Aims To evaluate the accuracy, consumable cost and time around testing (TAT) of a next-generation sequencing (NGS) assay, the Ion Torrent AmpliSeq Colon and Lung Cancer Panel, as an alternative to Sanger sequencing to genotype KRAS, NRAS and BRAF in colorectal cancer patients.

Methods The Ion Torrent panel was first verified on cell lines and on control samples and then prospectively applied to routine specimens (n=114), with Sanger sequencing as reference.

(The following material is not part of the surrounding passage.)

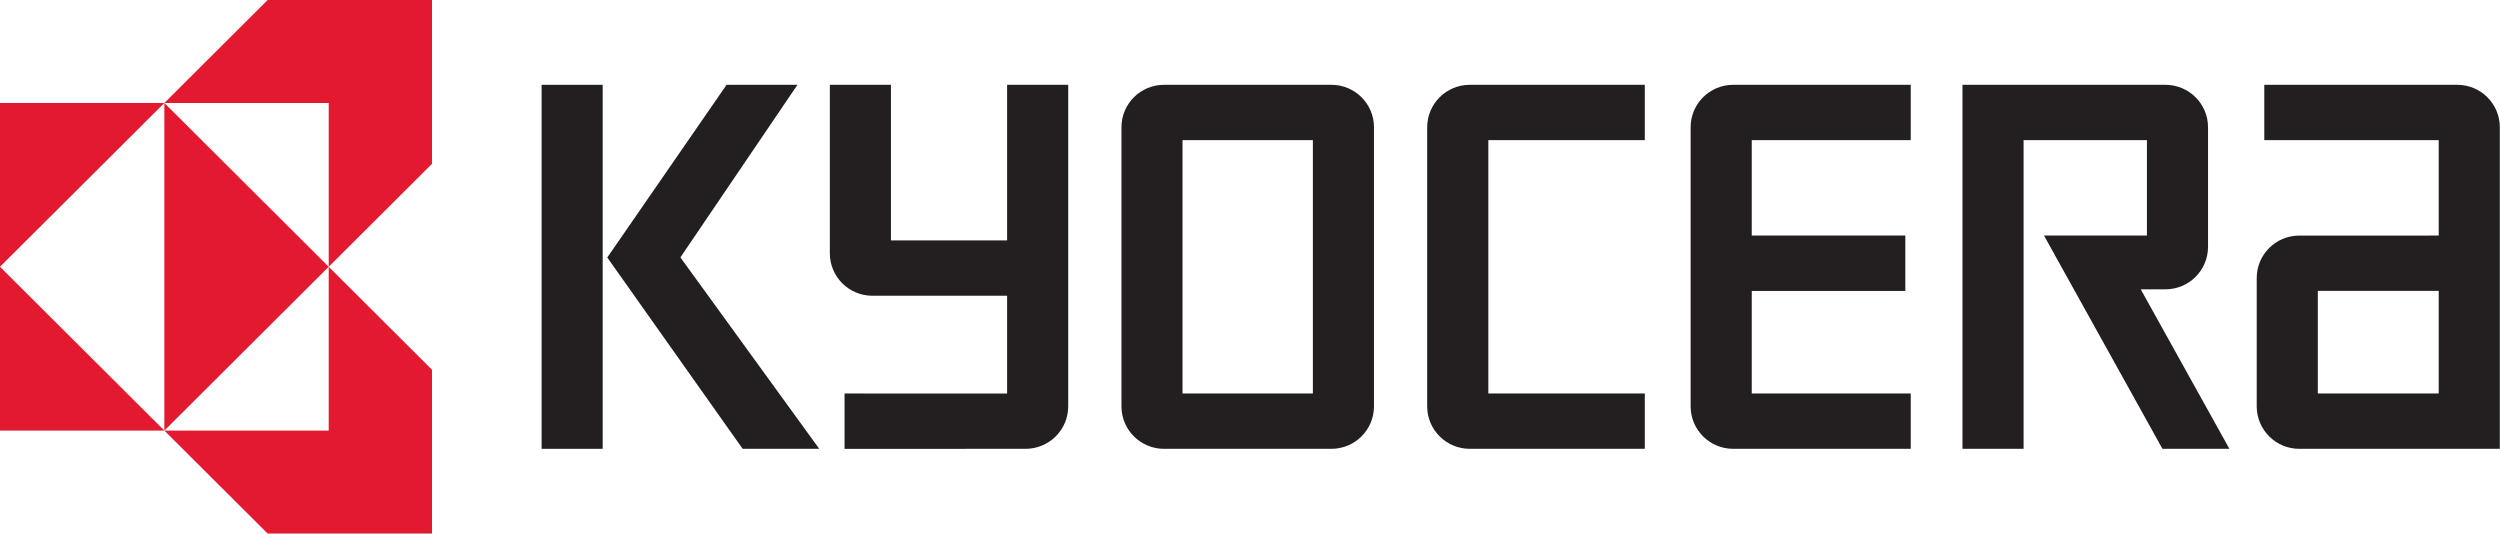 <svg clip-rule="evenodd" fill-rule="evenodd" stroke-linejoin="round" stroke-miterlimit="2" viewBox="69.154 155 421.691 90" xmlns="http://www.w3.org/2000/svg"><g fill-rule="nonzero" transform="matrix(.595 0 0 .595 47.265 186.485)"><path d="m86.219-298.219-29.281 29.188h46.593v46.437l29.282-29.187v-46.438zm17.312 75.625v46.438h-46.593l29.281 29.187h46.594v-46.437zm0 0-46.593-46.437v92.875zm-46.593 46.438-46.594-46.438v46.438zm-46.594-46.438 46.594-46.437h-46.594z" fill="#e31a2f" transform="translate(26.442 245.306)"/><g fill="#231f20"><path d="m190.33-28.874h17.312v103.195h-17.312z"/><path d="m229.672 20.054 33.186-48.928h-20.092l-33.82 48.955 38.38 54.24h21.713z"/><path d="m688.625 74.321h56.837v-91.159c0-6.653-5.4-12.036-12.069-12.036h-54.704v15.684h49.449v27.054l-39.513.001c-6.681 0-12.082 5.388-12.082 12.04v36.374c0 6.651 5.413 12.042 12.082 12.042zm5.243-44.77h34.27v29.083h-34.27z"/><path d="m650.661-28.874c6.668 0 12.081 5.383 12.081 12.036v33.904c0 6.648-5.413 12.037-12.081 12.037h-6.998l25.139 45.218h-18.983l-33.575-60.457h29.174v-27.054h-34.965v87.511h-17.325v-103.195z"/><path d="m516.065-16.839c0-6.652 5.401-12.035 12.07-12.035h50.327v15.684h-45.072v27.054h43.536v15.687h-43.536v29.083h45.072v15.687h-50.327c-6.669 0-12.07-5.391-12.07-12.042z"/><path d="m441.379-16.839c0-6.652 5.414-12.035 12.082-12.035h49.608v15.684h-44.353v71.824h44.353v15.687h-49.608c-6.668 0-12.082-5.391-12.082-12.042z"/><path d="m354.709-16.838c0-6.653 5.401-12.036 12.07-12.036h47.45c6.669 0 12.069 5.383 12.069 12.037v79.119c0 6.648-5.4 12.039-12.081 12.039h-47.438c-6.669 0-12.07-5.391-12.07-12.042zm17.312 75.472h36.953v-71.824h-36.953z"/><path d="m272.038 18.884v-47.758h17.324v44.116h32.93v-44.116h17.324v91.156c0 6.648-5.413 12.039-12.082 12.039l-51.326.004v-15.691s44.267.009 46.084.009v-27.718h-38.184c-6.669 0-12.07-5.391-12.07-12.041"/></g></g></svg>

Results The Ion Torrent panel detected mutant alleles at the 5% level on cell lines and correctly classified all control tissues. The Ion Torrent assay was successfully carried out on most (95.6%) routine diagnostic samples. Of these, 12 (11%) harboured mutations in the BRAF gene and 47 (43%) in either of the two RAS genes, in two cases with a low abundance of RAS mutant allele which was missed by Sanger sequencing. The mean TAT, from sample receipt to reporting, was 10.4 (Sanger) and 13.0 (Ion Torrent) working days. The consumable cost for genotyping KRAS, NRAS and BRAF was €196 (Sanger) and €187 (Ion Torrent).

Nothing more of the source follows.